But we probably want to mask the negative value as well. Obviously we could have just masked that value out, but there are some flexible ways of doing this too:

In [None]:
masked_data = np.ma.masked_less(masked_data, 0.0)

In [None]:
masked_data.mean()

We can also then turn the masked array into a standard array like so:

In [None]:
my_data = masked_data.compressed()
print my_data

## CIS data as numpy arrays - 5 minutes

You can easily access CIS data directly as numpy arrays. First let's read some data in again:

In [None]:
from cis import read_data, read_data_list

BC_MASS = read_data("/Users/watson-parris/Local Data/gassp_data/Level_2/EUCAARI/SP2_EUCAARI_B*200805*.nc", "BC_MASS")

Now as we've discussed, the data in CIS is stored in numpy arrays so we easily can it as such:

In [None]:
print BC_MASS.data.min(), BC_MASS.data.max()

print "NaNs in 1: %s" % np.isnan(BC_MASS.data).any()
print "NaNs in 2: %s" % np.isnan(BC_MASS.data).any()
print "NaNs in 3: %s" % np.isnan(BC_MASS.data).any()
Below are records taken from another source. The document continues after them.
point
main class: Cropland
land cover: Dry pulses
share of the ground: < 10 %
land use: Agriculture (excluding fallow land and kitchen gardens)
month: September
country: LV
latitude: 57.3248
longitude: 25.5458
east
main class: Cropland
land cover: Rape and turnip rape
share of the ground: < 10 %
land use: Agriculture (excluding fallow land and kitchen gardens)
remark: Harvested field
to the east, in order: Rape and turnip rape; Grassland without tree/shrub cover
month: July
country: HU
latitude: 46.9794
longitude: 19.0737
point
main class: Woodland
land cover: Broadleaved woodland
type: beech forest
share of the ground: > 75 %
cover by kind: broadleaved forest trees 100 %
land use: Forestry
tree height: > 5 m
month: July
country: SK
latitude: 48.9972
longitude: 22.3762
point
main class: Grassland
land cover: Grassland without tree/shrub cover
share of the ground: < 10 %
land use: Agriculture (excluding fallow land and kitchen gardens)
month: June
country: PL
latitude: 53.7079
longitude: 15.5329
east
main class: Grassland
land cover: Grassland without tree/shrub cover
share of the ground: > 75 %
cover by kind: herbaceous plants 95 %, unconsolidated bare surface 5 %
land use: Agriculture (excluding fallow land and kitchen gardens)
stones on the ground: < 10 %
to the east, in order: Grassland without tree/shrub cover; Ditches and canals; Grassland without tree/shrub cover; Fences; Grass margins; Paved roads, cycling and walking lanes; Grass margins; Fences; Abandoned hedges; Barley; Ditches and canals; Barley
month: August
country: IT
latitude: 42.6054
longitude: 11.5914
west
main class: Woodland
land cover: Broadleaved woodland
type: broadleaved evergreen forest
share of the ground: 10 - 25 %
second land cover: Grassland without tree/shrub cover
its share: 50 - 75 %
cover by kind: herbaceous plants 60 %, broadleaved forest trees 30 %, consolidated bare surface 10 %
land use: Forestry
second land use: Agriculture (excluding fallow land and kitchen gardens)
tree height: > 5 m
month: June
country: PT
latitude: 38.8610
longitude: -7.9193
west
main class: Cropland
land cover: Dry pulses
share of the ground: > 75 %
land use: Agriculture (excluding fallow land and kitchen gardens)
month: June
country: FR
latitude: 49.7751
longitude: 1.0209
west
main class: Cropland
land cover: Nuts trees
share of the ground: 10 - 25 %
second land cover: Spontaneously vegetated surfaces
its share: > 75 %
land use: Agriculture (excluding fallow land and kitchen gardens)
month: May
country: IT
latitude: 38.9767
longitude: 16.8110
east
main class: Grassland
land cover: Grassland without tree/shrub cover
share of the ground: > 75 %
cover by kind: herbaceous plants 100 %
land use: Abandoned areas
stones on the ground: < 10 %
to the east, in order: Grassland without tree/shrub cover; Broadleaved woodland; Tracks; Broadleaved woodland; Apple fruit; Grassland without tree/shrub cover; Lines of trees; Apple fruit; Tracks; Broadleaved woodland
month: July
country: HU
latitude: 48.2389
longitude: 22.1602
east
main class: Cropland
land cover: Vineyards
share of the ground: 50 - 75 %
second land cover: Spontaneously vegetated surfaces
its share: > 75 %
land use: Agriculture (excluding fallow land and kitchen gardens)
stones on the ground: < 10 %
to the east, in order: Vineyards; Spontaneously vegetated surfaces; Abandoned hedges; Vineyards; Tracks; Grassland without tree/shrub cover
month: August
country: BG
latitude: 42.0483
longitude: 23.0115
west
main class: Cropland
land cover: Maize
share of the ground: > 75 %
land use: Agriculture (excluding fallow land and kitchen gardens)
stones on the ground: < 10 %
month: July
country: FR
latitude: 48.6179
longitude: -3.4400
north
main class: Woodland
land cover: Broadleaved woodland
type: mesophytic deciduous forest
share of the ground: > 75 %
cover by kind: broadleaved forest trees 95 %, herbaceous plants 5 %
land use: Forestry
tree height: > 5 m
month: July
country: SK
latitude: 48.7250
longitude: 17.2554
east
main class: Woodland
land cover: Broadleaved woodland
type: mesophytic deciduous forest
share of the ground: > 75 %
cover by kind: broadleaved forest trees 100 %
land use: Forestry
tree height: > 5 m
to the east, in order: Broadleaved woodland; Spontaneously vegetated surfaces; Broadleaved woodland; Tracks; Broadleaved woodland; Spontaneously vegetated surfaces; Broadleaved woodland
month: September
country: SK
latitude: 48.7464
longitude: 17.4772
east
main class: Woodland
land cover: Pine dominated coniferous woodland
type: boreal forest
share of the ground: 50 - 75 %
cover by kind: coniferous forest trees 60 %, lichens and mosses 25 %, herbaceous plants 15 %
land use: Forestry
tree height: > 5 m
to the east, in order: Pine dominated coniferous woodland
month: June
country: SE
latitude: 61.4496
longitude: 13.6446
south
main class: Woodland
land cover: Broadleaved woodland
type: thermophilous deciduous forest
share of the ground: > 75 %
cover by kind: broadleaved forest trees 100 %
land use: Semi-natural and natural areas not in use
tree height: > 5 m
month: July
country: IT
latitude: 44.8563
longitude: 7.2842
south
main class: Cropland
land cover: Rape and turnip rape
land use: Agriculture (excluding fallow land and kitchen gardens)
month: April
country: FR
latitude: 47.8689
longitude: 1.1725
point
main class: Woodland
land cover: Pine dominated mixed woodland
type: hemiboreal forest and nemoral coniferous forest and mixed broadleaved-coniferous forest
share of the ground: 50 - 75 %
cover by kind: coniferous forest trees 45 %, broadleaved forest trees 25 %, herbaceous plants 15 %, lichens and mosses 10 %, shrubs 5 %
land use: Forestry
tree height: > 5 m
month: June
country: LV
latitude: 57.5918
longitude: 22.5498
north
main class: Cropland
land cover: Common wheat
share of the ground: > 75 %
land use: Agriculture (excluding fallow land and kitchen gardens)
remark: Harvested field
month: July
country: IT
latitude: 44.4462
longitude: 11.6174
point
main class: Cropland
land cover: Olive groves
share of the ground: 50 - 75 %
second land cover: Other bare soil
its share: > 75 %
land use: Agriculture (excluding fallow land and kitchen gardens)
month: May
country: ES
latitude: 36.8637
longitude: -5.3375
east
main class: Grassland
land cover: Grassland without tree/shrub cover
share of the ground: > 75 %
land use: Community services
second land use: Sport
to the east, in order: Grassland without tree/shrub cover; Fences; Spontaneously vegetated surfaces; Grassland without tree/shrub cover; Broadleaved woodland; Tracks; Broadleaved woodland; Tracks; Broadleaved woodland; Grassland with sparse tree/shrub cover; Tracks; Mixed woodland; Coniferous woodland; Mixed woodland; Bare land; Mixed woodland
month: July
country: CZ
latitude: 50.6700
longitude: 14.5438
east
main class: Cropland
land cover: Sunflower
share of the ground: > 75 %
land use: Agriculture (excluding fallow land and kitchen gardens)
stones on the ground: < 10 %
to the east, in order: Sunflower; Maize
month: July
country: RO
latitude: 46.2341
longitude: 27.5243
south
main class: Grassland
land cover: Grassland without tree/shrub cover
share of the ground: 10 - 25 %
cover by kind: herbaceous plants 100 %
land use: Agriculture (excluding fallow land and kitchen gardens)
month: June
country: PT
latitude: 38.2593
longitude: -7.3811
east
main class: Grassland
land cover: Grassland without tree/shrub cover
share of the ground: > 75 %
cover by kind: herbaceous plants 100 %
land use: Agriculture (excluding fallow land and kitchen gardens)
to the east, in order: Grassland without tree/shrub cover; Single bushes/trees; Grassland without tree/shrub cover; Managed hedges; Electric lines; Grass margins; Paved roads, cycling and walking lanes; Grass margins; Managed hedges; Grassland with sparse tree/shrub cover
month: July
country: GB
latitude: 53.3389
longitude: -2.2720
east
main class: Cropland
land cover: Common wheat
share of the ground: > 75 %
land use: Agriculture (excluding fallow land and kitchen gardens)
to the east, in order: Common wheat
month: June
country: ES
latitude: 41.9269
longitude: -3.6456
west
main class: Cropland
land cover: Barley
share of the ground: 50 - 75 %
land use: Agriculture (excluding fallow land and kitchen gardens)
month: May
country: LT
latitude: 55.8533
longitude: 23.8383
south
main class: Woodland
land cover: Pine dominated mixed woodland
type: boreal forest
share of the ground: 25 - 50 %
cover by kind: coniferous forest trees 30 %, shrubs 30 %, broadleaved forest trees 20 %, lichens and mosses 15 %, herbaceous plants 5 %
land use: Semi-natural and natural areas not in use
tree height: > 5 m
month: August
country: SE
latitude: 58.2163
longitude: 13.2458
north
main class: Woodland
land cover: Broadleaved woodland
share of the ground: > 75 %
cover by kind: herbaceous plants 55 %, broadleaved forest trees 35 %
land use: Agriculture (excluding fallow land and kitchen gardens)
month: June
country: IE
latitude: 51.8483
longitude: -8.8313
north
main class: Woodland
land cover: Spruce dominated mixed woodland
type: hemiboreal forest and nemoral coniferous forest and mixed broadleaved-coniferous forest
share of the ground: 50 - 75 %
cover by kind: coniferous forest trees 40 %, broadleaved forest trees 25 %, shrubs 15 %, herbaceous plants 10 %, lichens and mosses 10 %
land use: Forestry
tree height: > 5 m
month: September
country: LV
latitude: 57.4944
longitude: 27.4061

There are also shortcuts for accessing the coordinate data:

In [None]:
BC_MASS.lat.data.min(), BC_MASS.lat.data.max()

## Exercise 3 - 5 minutes

Find the lat/lon position of the maximum value of the Black Carbon loading in the data.

For bonus points, can you find the all of the points which have values outside one standard deviation of the mean value.

### Answer

In [None]:
val_max_indx = np.argmax(BC_MASS.data)
print BC_MASS.lat.data[val_max_indx], BC_MASS.lon.data[val_max_indx]

#And...
print BC_MASS.data[BC_MASS.data > BC_MASS.data.std()]
print len(BC_MASS.data), len(BC_MASS.data[BC_MASS.data > BC_MASS.data.std()])